Zen marketing; XPC Zen computer

I love the pictures, the woman looks like she's meditating and the computer is floating, perhaps due to her deep samadhi?:

"The XPC Zen is an ideal:
Digital hub (music, photos and video);
Desktop replacement;
Home media center;
Home office platform."

Friday, April 14, 2006

more Zen marketing: Zen Shower Curtain

"Zen - Sheer curtain, poly linen/cotton blend."

How . . . Zen.

Upaya Zen Center: Zen Poems

Some Zen poems. Here's one:

"We accept the graceful falling
Of mountain cherry blossoms,
But it is much harder for us
To fall away from our own
Attachment to the world.
Mountain Falling Flowers

by Rengetsu, a Buddhist nun"

Wednesday, April 12, 2006

Dharma Sound Zen Center FAQ

I found this answer to the question, "How can I involve my children in my Zen practice?" interesting:

"If, when we are with our children, we are fully engaged in listening and responding to them, then we completely embody Zen practice and become the example from which our children learn. Even a child who expresses no interest in or disapproval of Zen will inevitably learn from our effort to be present in each moment and our desire to help."

Tuesday, April 11, 2006

Mindfulness: The practice of being “here” | 43 Folders

Merlin Mann has several mindfulness related quotes on his 43folders site; here's one:

"From the Buddhist perspective, our ordinary waking state of consciousness is seen as being severely limited and limiting, resembling in many respects an extended dream rather than wakefulness. Meditation helps us wake up from this sleep of automaticity and unconsciousness, thereby making it possible for us to live our lives with access to the full spectrum of our conscious and unconscious possibilities."

Monday, April 10, 2006

Huang-po quotes

"This pure mind, which is the source of all things, shines forever with the radiance of its own perfection. But most people are not aware of it, and think that mind is just the faculty that sees, hears, feels, and knows. Blinded by their own sight, hearing, feeling, and knowing, they don't perceive the radiance of the source. If they could eliminate all conceptual thinking, this source would appear, like the sun rising through the empty sky and illuminating the whole universe. Therefore, you students of the Tao who seek to understand through seeing, hearing, feeling, and knowing, when your perceptions are cut off, your way to mind will be cut off and you will find nowhere to enter.
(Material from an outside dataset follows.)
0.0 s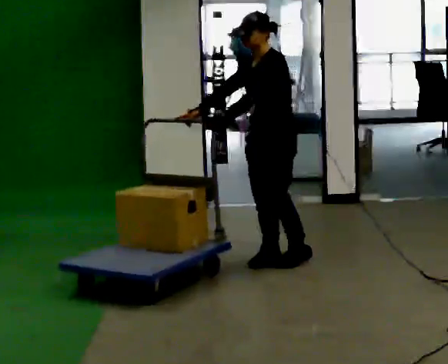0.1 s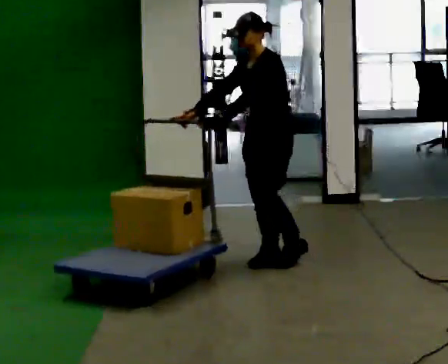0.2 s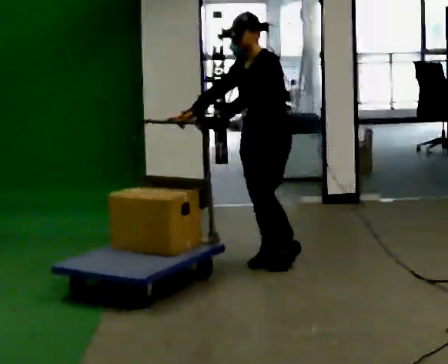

Just realize that although mind is manifested in these perceptions, it is neither part of them nor separate from them. You shouldn't try to analyze these perceptions, or think about them at all; but you shouldn't seek the one mind apart from them. Don't hold on to them or leave them behind or dwell in them or reject them. Above, below, and all around you, all things spontaneously exist, because there is nowhere outside the Buddha mind."

Thursday, April 06, 2006

Excerpt from 33 Fingers: A Collection of Modern American Koans

The link pretty much says it all.

Wednesday, April 05, 2006

Zen Poetry

There are some nice ones here:

"Crossing long fields,
frozen in its saddle,
my shadow creeps by"

Tuesday, April 04, 2006

Sesshin Lecture by Ed Brown

Good point:

"When we start practicing meditation, we say, 'What am I supposed to do? What should I do? How do I do it right?' The answer is to stop asking those questions. Do you understand? The point is to find out what is actually happening, exactly here. When you look closely, you will find that the 'supposed to' or 'should' is not found in what is actually happening, but is something we add."